Synthesis with stronger privacy guarantees (differential privacy as a default, not as an option) will become more widely available. The current generation of commercial tools is mixed on this; the next generation will need to be clearer.
Sim-to-real gaps for vision will continue to close. Better physics, better materials, better lighting in the synthesis side; better domain adaptation techniques on the modeling side. The combination is making purely-synthetic-trained vision models more viable.
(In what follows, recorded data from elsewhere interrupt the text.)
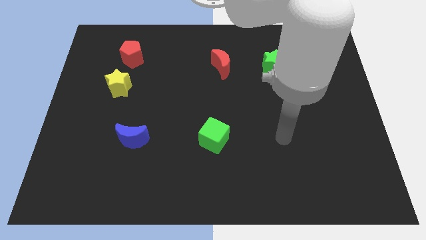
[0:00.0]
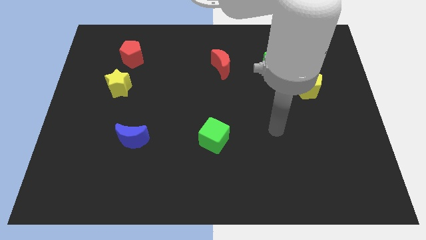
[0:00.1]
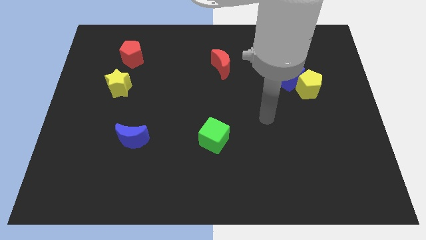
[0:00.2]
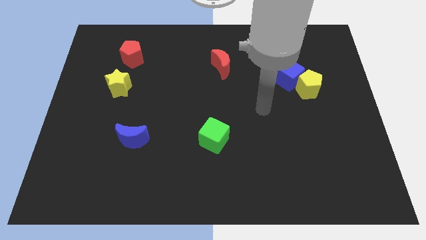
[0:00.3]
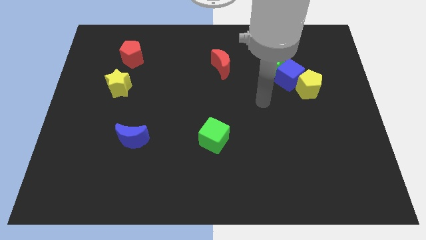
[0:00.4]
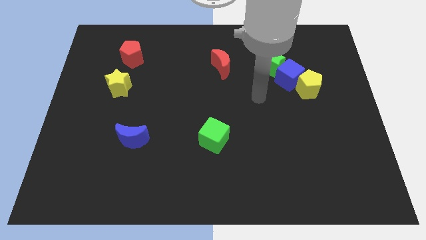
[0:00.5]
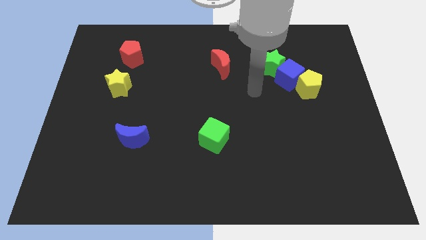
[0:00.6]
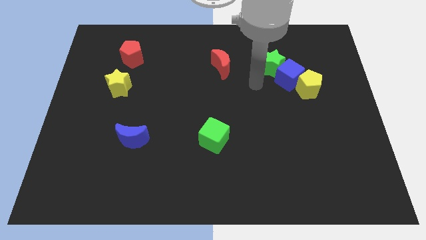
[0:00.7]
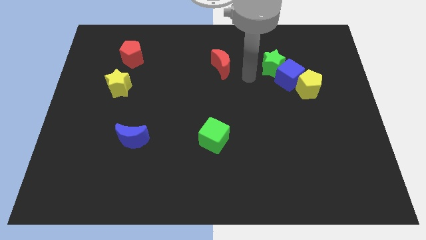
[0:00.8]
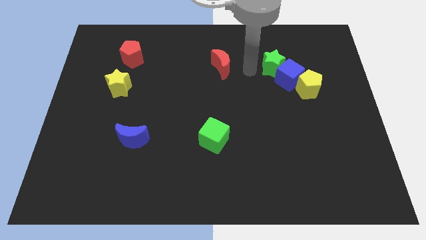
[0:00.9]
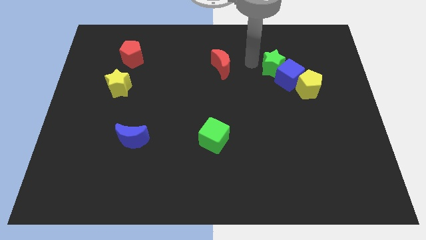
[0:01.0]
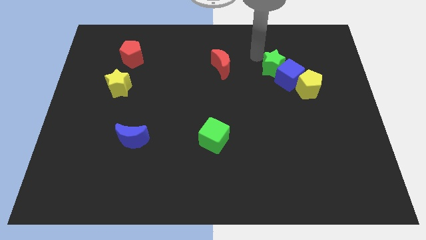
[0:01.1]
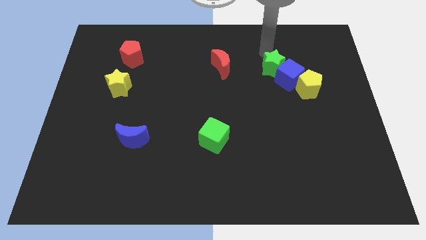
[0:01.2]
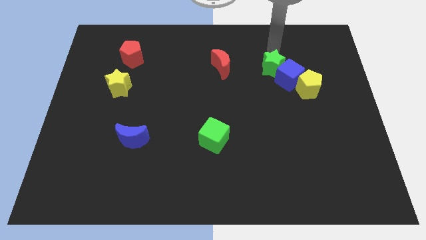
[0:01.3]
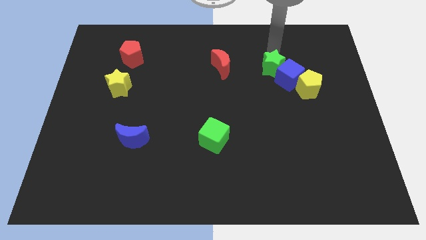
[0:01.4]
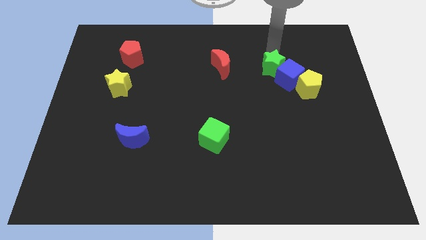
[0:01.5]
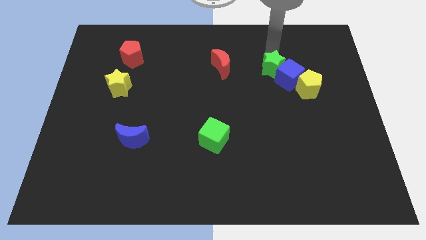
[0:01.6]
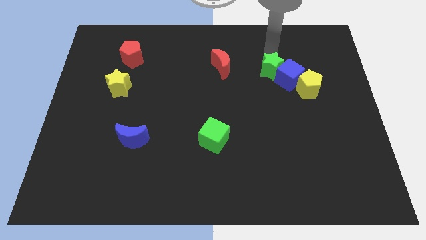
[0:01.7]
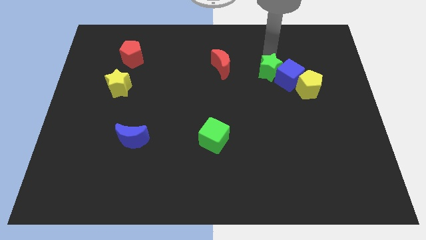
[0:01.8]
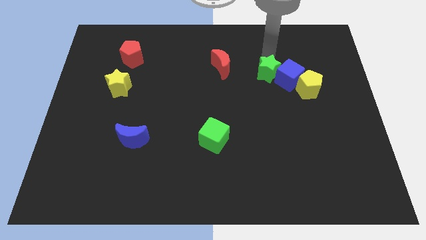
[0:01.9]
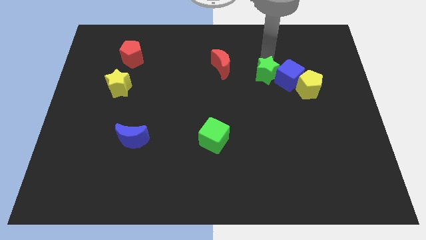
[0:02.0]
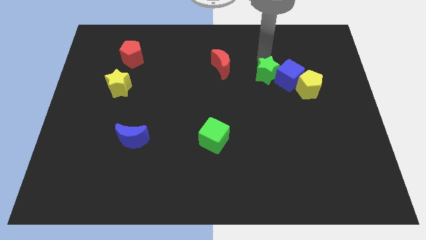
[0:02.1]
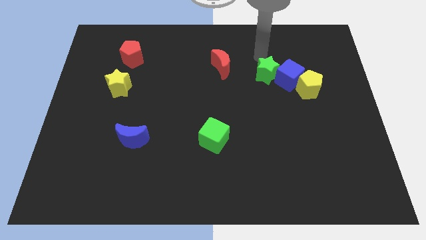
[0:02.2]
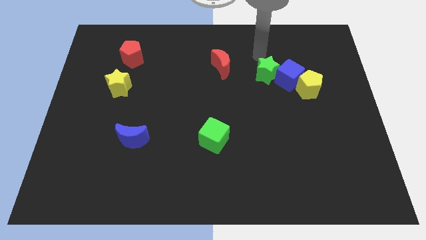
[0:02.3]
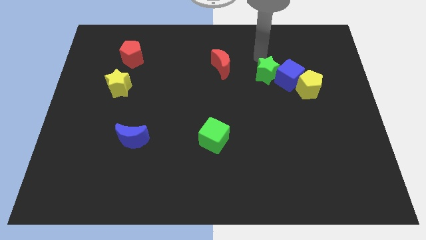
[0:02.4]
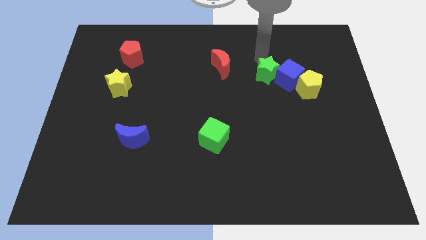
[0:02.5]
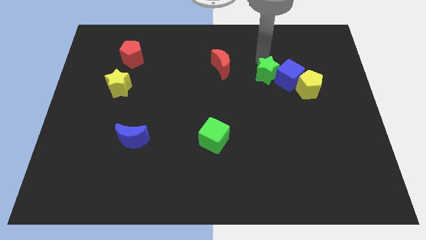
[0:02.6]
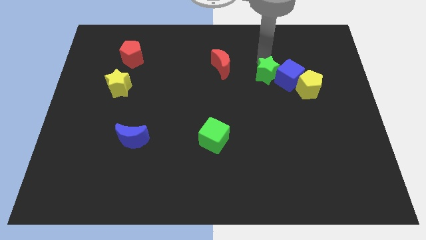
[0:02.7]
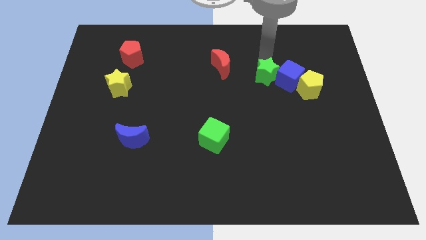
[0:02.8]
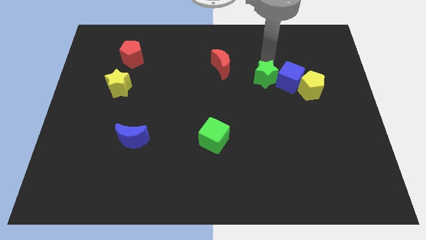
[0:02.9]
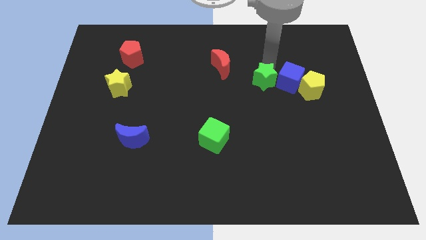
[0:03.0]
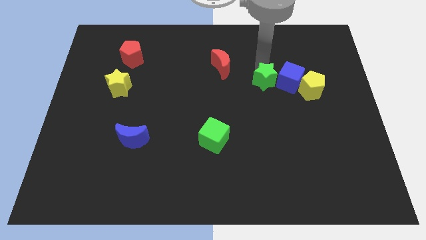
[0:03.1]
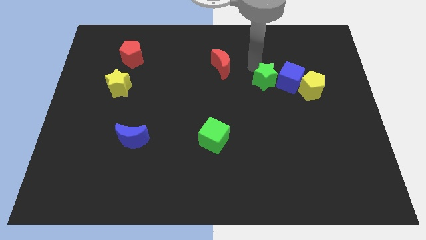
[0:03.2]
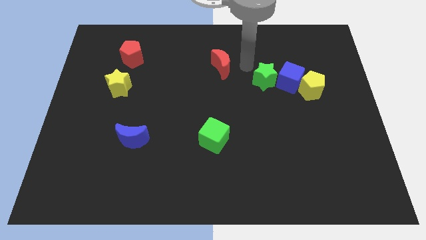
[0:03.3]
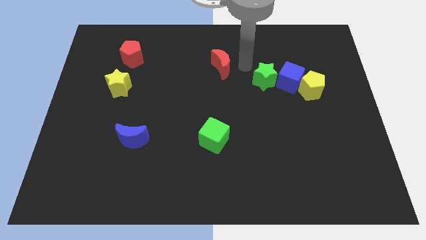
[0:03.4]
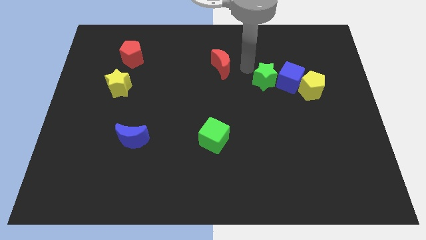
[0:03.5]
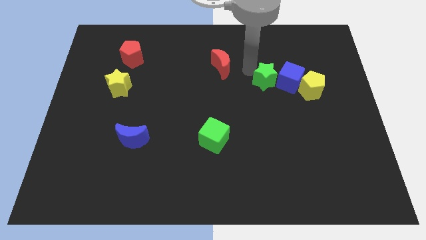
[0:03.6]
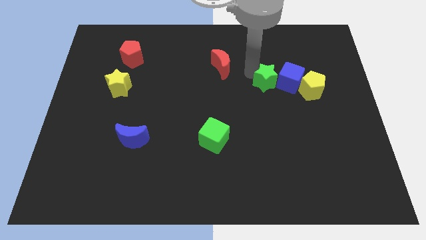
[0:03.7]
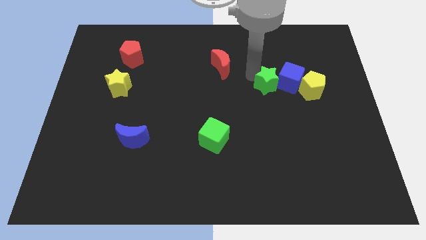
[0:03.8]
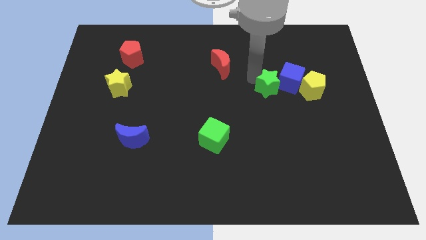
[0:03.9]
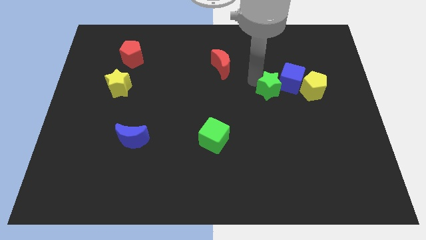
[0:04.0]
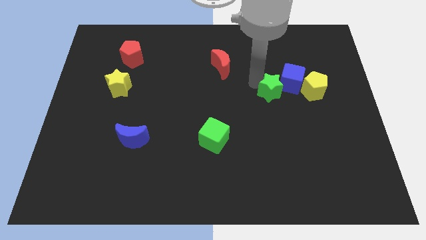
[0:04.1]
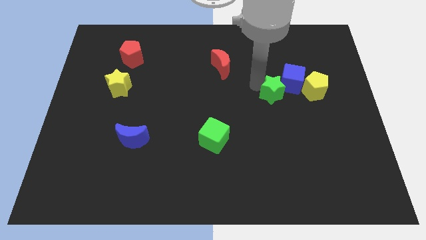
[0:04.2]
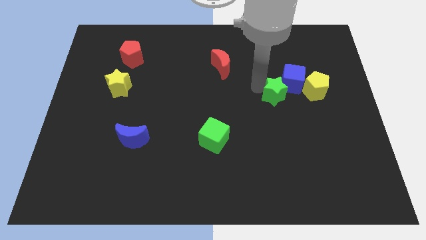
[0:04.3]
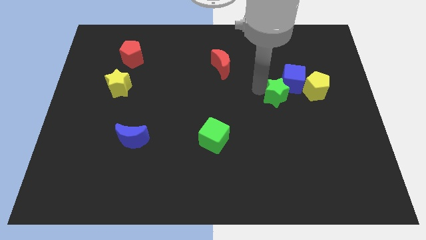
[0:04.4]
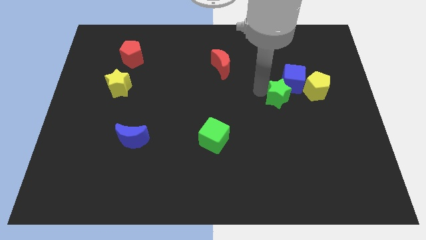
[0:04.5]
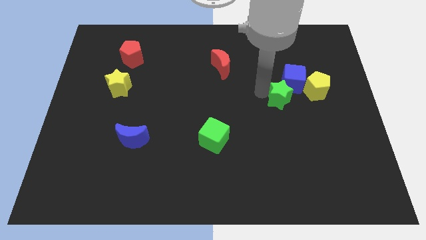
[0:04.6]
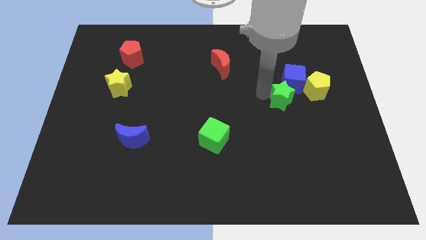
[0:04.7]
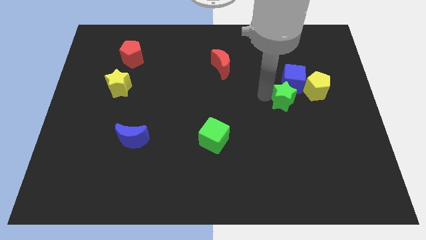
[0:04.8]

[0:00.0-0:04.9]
push the green star diagonally down and to the right a bit

Synthetic data for evaluation and adversarial testing will become a recognized discipline. Generating examples specifically to probe model behavior, fairness, and robustness is moving from research to standard practice.
Conclusion
Synthetic data in 2021 is a useful production tool for several specific use cases, with quality and privacy characteristics that depend heavily on the approach. For most enterprises, the right pattern is to identify the one or two use cases where synthetic data clearly beats the alternatives — typically privacy-constrained environments, rare-class augmentation, or simulation-driven vision — and adopt the appropriate tools deliberately, with the validation discipline that distinguishes “looks plausible” from “actually works.” Treating synthetic data as a magical replacement for real data is the wrong shape; ignoring it as a production option is also the wrong shape. The middle path — synthetic where it earns its keep, real where it can be obtained, with documented quality discipline either way — is where the productive work of the next several years lives.
References
Patki, N. et al. (2016). The Synthetic Data Vault.
Xu, L. et al. (2019). Modeling Tabular Data using Conditional GAN (CTGAN).
Walonoski, J. et al. (2018). Synthea: An Approach, Method, and Software Mechanism for Generating Synthetic Patients.
Tobin, J. et al. (2017). Domain Randomization for Transferring Deep Neural Networks from Simulation to the Real World.
Bellovin, S., Dutta, P., Reitinger, N. (2019). Privacy and Synthetic Datasets.